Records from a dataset
━━━━━━━━━━━━━━━━━━━━━━━━━━━━━━
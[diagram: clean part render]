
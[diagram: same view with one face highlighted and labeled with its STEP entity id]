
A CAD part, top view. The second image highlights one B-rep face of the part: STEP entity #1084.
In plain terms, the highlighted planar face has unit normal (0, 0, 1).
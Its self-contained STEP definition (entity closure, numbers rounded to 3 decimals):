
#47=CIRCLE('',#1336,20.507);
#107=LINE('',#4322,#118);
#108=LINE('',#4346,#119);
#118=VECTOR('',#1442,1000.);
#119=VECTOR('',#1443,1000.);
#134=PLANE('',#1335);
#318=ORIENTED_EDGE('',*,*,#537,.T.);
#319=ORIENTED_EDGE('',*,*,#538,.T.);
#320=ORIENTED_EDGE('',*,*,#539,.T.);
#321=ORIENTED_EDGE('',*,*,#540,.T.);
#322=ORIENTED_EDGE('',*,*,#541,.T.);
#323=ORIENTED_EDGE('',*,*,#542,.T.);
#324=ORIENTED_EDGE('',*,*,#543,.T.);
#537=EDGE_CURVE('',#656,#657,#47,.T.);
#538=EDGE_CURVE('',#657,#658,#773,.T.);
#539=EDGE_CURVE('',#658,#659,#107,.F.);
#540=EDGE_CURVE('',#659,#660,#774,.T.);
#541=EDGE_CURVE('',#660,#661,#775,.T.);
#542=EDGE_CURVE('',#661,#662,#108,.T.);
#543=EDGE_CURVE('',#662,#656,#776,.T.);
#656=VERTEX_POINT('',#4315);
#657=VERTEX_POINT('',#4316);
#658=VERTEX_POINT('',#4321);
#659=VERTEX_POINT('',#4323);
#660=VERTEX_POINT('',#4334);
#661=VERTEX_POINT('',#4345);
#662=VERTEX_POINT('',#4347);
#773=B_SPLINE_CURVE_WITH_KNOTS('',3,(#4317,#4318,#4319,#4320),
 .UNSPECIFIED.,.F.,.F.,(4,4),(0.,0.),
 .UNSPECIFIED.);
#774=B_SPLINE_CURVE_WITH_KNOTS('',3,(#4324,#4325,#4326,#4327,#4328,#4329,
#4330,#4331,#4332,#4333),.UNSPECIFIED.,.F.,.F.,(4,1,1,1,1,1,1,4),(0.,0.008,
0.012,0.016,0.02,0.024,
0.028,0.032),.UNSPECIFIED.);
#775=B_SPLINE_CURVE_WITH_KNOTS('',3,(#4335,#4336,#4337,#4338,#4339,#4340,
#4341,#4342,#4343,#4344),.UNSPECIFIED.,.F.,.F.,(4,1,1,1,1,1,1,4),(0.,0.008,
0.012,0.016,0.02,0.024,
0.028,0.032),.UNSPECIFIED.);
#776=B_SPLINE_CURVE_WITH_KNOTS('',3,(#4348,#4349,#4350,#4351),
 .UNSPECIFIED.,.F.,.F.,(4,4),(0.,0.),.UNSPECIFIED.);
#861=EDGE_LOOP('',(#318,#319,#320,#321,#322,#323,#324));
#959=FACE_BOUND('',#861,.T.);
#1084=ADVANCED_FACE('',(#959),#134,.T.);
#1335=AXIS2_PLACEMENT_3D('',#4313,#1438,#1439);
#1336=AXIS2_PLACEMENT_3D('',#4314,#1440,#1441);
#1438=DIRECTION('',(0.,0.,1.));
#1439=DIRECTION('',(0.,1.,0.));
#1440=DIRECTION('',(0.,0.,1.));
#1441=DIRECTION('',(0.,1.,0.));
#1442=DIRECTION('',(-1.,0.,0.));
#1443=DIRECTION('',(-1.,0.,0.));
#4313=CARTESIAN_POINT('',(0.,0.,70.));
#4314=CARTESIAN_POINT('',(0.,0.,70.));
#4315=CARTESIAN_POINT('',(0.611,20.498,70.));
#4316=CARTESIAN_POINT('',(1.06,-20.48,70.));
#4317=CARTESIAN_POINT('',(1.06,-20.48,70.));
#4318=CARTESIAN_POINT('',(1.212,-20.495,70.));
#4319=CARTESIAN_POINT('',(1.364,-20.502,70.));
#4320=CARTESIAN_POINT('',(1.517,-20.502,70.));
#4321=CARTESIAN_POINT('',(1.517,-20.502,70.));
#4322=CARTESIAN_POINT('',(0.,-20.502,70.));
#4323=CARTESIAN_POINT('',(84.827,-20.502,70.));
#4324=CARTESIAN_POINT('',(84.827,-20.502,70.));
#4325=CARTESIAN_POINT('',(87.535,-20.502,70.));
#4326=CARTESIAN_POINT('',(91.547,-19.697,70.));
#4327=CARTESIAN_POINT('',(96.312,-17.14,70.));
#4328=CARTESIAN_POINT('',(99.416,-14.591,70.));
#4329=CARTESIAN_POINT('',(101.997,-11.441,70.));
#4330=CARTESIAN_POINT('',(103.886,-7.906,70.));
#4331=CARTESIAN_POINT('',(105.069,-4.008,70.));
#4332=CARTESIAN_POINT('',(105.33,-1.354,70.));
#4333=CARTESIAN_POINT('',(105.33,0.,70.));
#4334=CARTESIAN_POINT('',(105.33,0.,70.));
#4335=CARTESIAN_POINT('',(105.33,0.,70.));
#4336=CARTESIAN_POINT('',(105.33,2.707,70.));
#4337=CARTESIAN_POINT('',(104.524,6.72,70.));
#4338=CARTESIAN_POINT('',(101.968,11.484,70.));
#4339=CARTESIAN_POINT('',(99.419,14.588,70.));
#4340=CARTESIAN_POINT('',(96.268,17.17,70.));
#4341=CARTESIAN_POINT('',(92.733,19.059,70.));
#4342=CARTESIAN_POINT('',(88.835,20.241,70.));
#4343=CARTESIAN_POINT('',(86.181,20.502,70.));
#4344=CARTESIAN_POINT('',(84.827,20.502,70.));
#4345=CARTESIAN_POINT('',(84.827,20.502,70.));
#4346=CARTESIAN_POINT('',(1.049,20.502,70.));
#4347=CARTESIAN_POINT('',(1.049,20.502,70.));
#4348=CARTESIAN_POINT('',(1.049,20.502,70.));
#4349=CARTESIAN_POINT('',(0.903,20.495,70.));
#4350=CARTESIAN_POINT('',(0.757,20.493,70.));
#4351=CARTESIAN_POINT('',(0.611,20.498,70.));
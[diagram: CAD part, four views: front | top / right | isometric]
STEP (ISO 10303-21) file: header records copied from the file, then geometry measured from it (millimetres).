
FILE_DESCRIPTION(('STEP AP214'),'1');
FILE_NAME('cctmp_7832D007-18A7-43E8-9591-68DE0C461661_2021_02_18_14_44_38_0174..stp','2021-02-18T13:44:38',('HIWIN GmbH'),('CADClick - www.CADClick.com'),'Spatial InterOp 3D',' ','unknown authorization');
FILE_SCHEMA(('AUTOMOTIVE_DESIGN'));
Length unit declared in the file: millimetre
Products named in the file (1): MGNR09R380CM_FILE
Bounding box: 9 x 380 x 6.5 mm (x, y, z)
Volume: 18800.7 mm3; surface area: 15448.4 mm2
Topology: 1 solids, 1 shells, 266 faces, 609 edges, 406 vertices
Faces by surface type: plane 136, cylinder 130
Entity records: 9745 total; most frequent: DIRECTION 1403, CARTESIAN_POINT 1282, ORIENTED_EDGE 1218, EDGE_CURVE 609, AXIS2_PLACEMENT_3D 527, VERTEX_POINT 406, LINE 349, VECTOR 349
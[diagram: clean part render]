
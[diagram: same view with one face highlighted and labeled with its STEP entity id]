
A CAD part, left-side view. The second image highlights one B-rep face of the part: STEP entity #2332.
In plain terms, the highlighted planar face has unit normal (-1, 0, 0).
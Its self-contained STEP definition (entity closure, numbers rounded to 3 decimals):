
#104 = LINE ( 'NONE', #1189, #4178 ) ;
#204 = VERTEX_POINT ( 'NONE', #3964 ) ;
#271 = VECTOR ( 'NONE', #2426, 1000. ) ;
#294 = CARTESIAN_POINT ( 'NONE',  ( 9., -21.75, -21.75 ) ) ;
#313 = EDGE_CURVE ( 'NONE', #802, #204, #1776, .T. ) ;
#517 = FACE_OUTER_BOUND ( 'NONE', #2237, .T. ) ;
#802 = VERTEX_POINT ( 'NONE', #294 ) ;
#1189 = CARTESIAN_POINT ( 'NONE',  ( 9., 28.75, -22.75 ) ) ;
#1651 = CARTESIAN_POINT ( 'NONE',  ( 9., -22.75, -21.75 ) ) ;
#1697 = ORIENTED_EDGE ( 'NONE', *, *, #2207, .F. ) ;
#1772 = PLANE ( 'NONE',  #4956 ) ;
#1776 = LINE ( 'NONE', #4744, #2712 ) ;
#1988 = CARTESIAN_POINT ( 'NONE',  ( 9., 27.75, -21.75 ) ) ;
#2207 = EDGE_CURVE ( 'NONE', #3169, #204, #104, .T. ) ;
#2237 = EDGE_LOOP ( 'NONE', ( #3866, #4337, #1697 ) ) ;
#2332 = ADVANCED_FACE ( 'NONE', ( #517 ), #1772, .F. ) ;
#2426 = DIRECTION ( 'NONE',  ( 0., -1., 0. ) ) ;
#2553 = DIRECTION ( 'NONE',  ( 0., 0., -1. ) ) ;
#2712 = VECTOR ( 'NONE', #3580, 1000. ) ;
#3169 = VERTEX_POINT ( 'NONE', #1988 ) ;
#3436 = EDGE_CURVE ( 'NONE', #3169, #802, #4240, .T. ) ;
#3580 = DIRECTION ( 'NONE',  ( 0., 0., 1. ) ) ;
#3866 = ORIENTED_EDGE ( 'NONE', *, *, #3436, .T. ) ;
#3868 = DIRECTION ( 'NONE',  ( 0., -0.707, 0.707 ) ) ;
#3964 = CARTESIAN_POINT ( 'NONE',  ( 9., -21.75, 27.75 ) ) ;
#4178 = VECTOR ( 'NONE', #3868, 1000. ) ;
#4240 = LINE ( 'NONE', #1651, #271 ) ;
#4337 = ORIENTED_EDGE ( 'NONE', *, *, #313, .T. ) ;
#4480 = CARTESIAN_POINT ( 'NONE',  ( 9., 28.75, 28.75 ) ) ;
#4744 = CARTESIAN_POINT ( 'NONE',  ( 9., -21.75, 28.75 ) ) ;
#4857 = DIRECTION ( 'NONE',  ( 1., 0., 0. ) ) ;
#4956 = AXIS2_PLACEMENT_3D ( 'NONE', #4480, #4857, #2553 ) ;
━━━━━━━━━━━━━━━━━━━━━━━━━━━━━━
Every line of the entries above that holds "second" should be copied out.

A CAD part, top view. The second image highlights one B-rep face of the part: STEP entity #1084.
A CAD part, left-side view. The second image highlights one B-rep face of the part: STEP entity #2332.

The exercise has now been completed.